Instead, they have to hope that their game plans will see them through what is expected to be a tough European tour. The players who have worked their backsides off will get a well-deserved break before jetting off to play Ireland, France, Italy and Wales.
The Boks can hope for the chemistry to continue growing the more time the squad spends together, but that throws another curve ball their way. Picking overseas-based players familiar with conditions and opposition in the northern hemisphere might not be the worst idea for a short-term approach, but it does little for the long-term foundations and vision of this team.
Regardless, the results in Europe will define Coetzee’s season. Win all four (or at least three) and that aberration in Albany might be forgiven. Falter and it’s back to the drawing board of doom and gloom. The margins are minuscule.

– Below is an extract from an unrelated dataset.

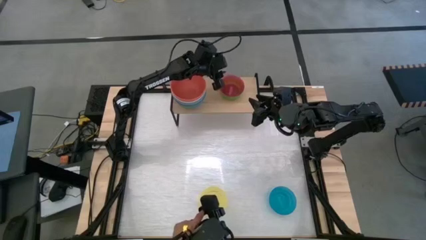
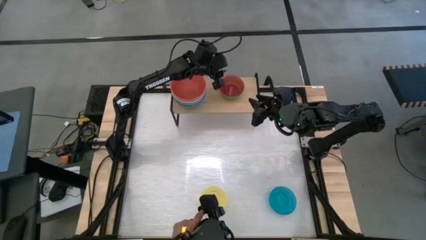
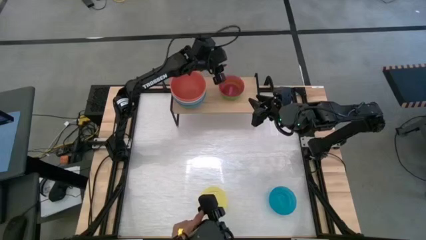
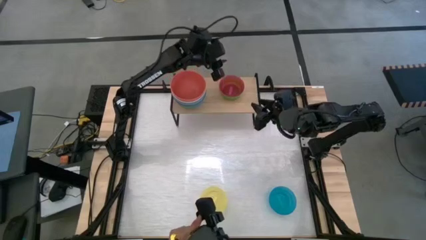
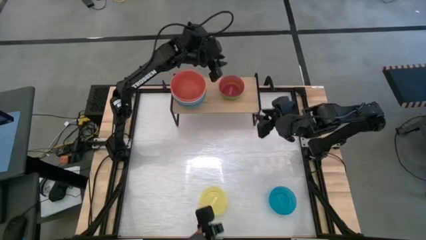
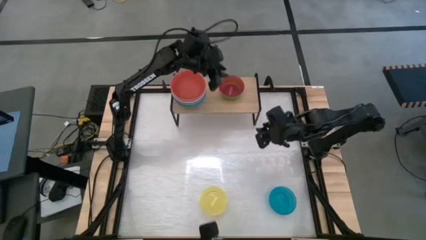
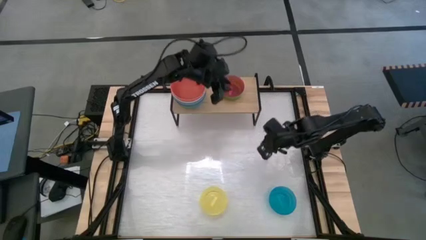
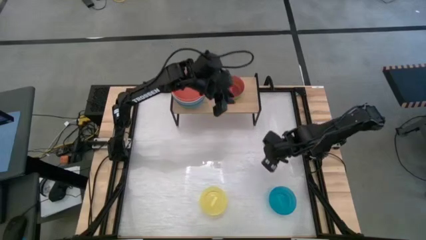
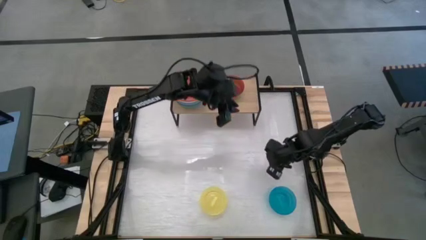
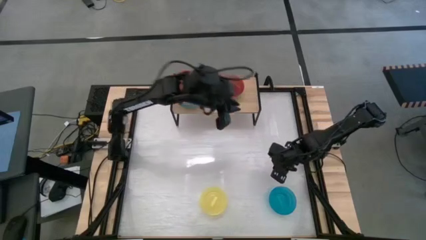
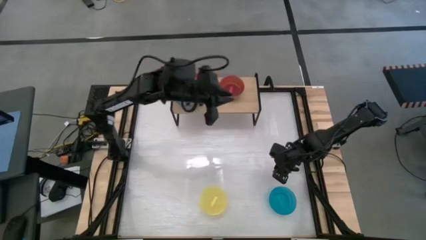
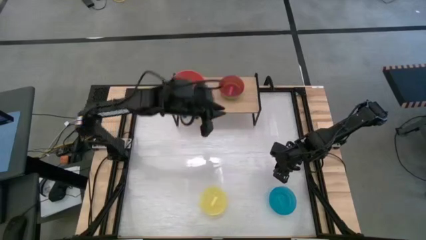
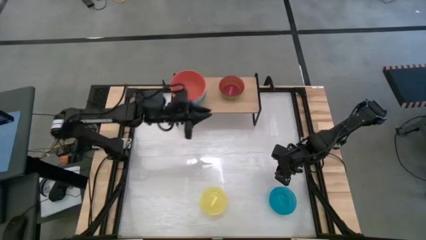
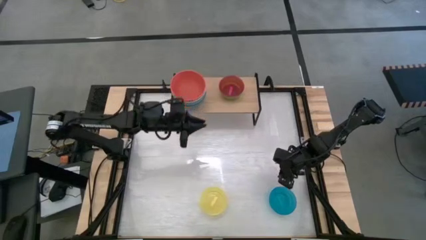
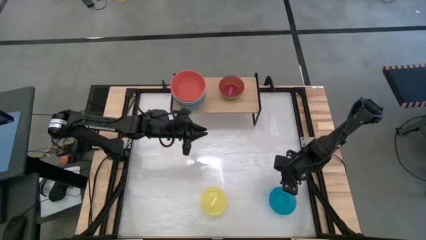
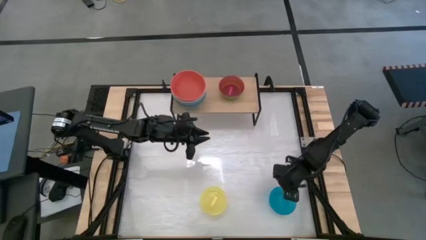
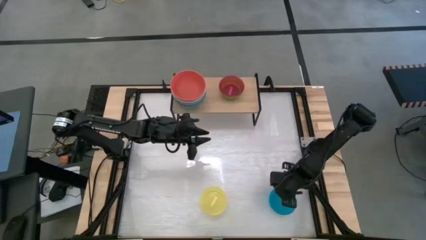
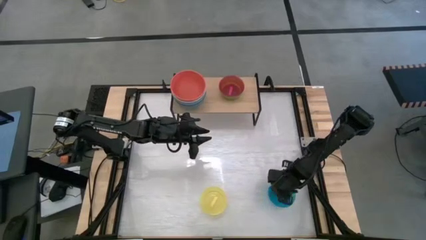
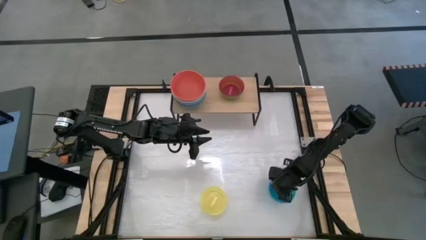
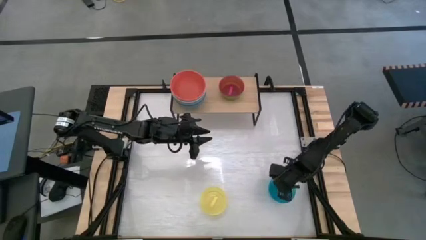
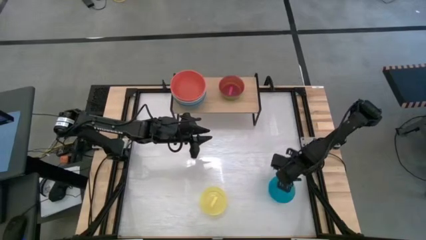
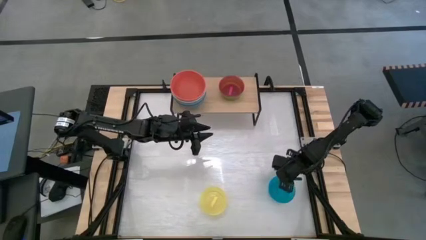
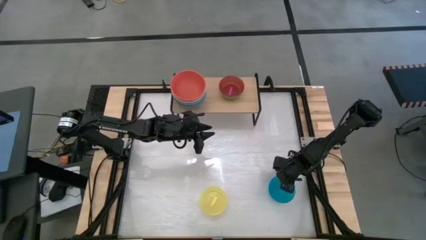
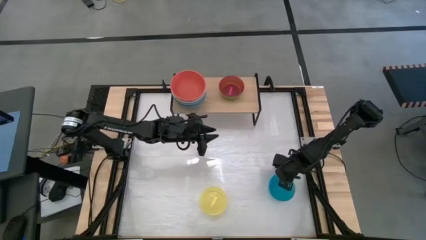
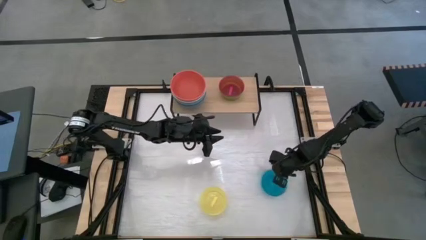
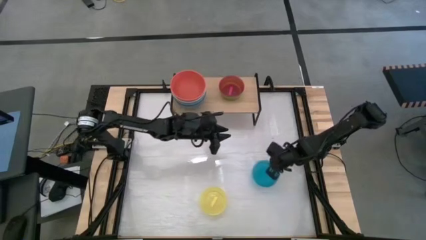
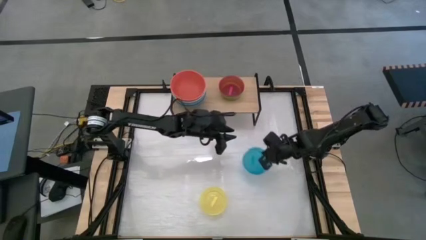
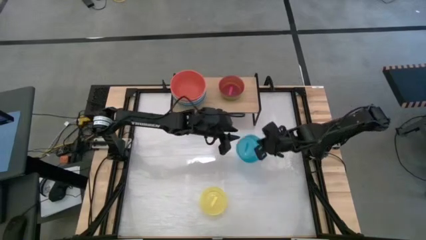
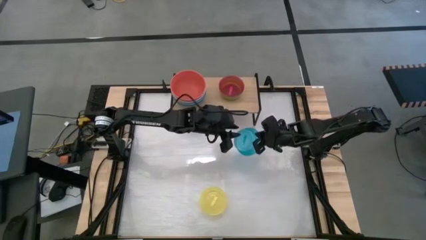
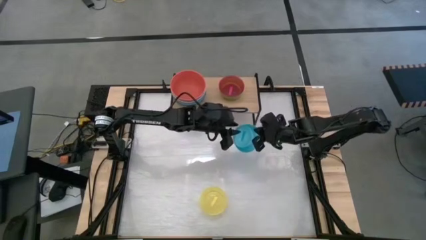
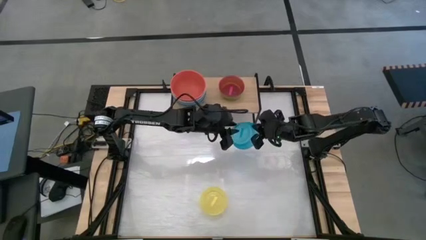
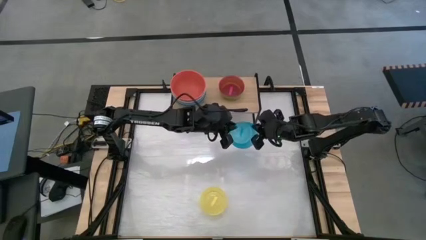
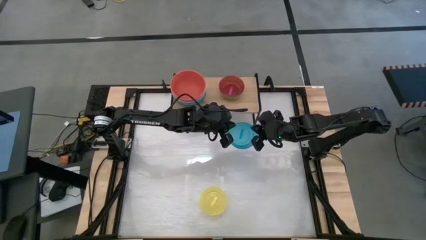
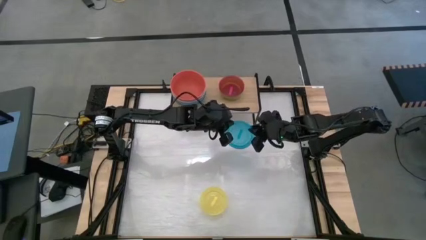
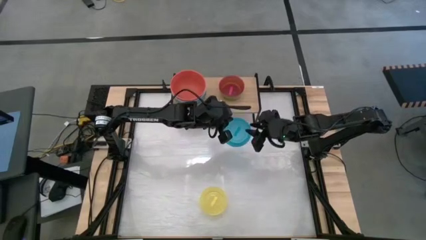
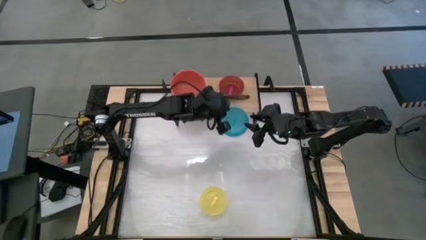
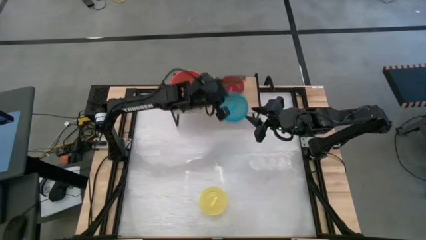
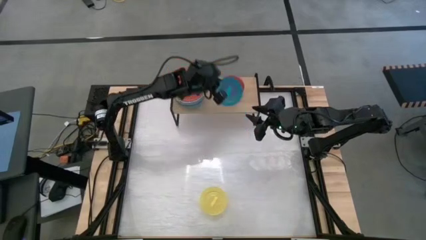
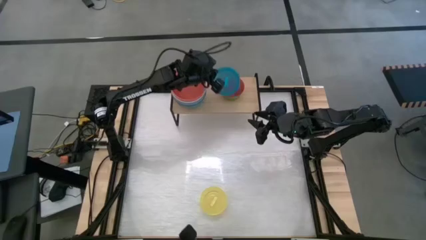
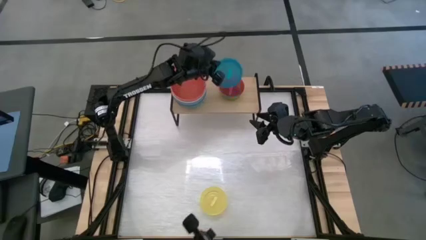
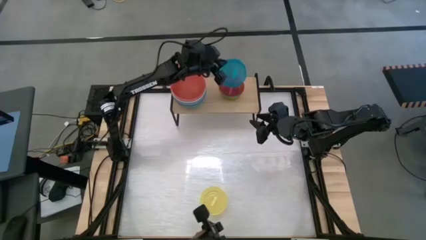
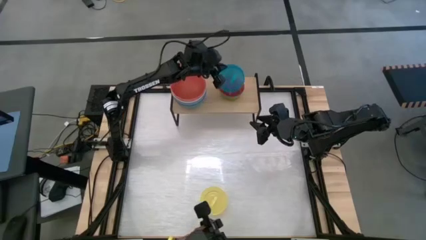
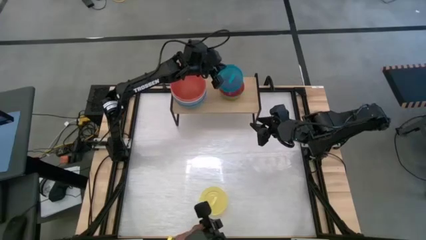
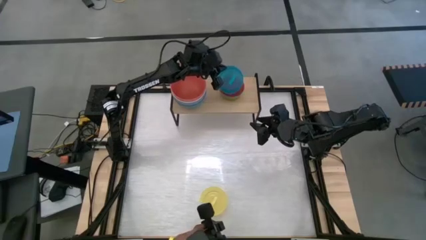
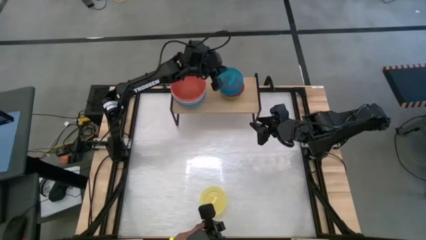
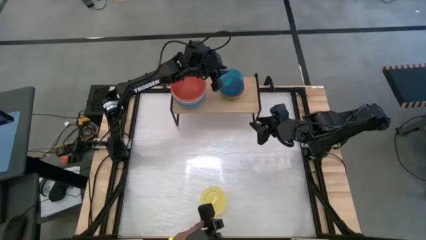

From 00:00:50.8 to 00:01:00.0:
Task: Place and stack bowls onto a shelf
Stack the transparent blue bowl on top of the transparent pink bowl on the shelf

But even a 100% win record in Europe cannot erase the fundamental issues that remain in the country’s rugby structures and in the failure to foster basic skills, conditioning and fitness from age group level.
Administrators continue to ignore those at their peril and will simply set the cycle on another rinse and repeat, no matter who is in the coaching job. DM
Photo: Jesse Kriel of South Africa is tackled by Sonny Bill Williams of New Zealand during the 2017 Castle Lager Rugby Championship game at Newlands Rugby Stadium on Saturday. Photo: Ryan Wilkisky/(BackpagePix)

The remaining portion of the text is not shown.